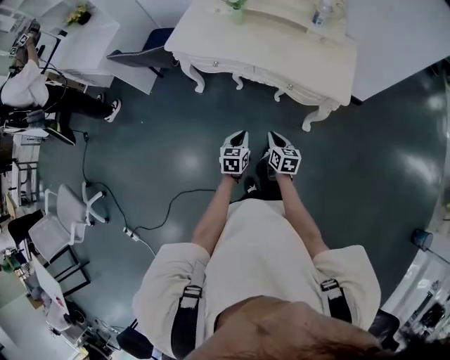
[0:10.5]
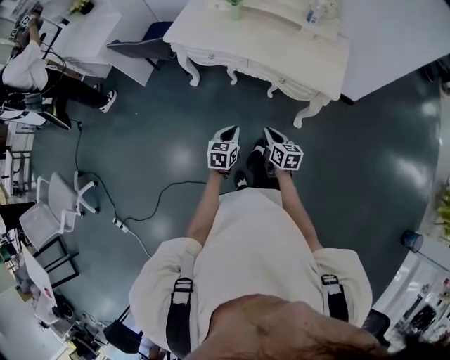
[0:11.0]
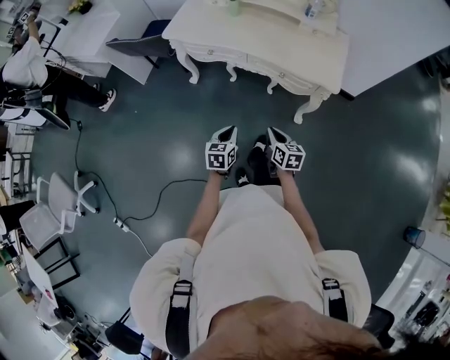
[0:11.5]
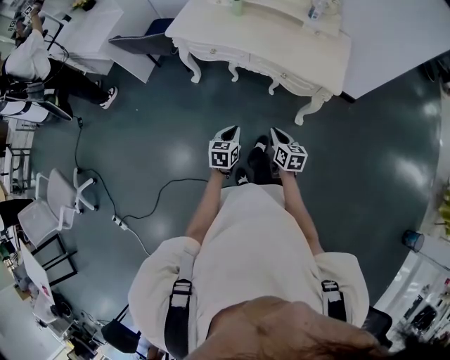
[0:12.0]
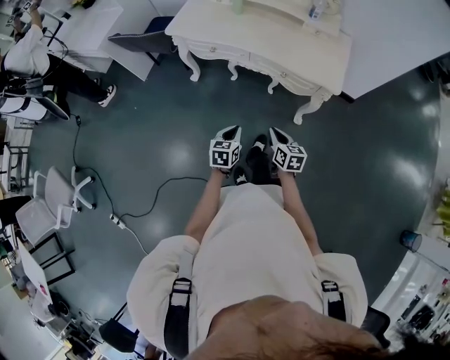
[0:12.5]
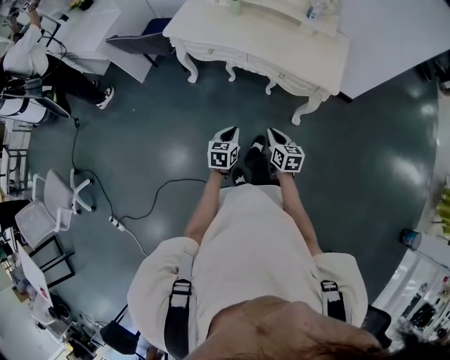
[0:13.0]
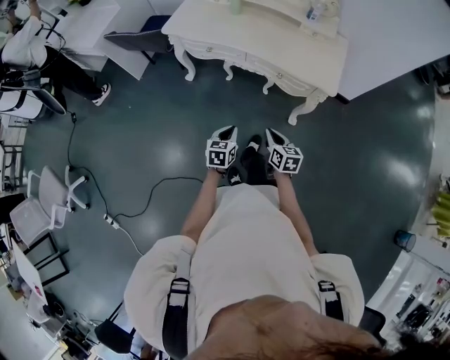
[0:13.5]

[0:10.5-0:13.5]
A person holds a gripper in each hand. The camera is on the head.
0:10.5 to 0:12.0: The grippers both shift backward by roughly 5 cm.
0:12.0 to 0:13.5: Neither gripper changes place.

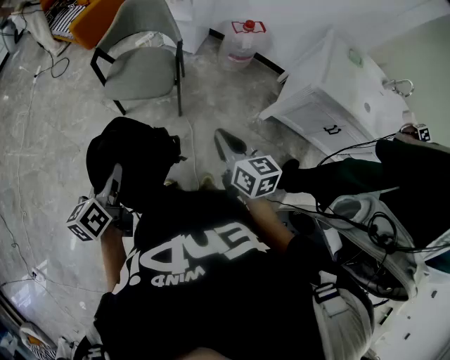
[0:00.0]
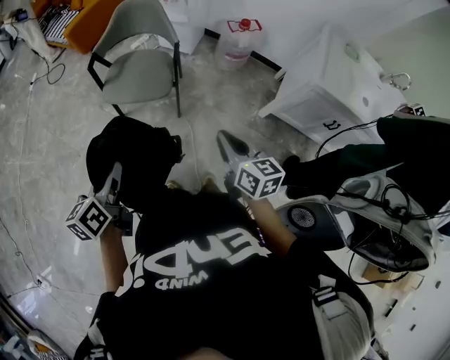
* * * * * * * * *
• [What to do] An exact printout of the listing is needed, minus any pictures it contains.

• [Answer area]
[0:10.5]
[0:11.0]
[0:11.5]
[0:12.0]
[0:12.5]
[0:13.0]
[0:13.5]

[0:10.5-0:13.5]
A person holds a gripper in each hand. The camera is on the head.
0:10.5 to 0:12.0: The grippers both shift backward by roughly 5 cm.
0:12.0 to 0:13.5: Neither gripper changes place.

[0:00.0]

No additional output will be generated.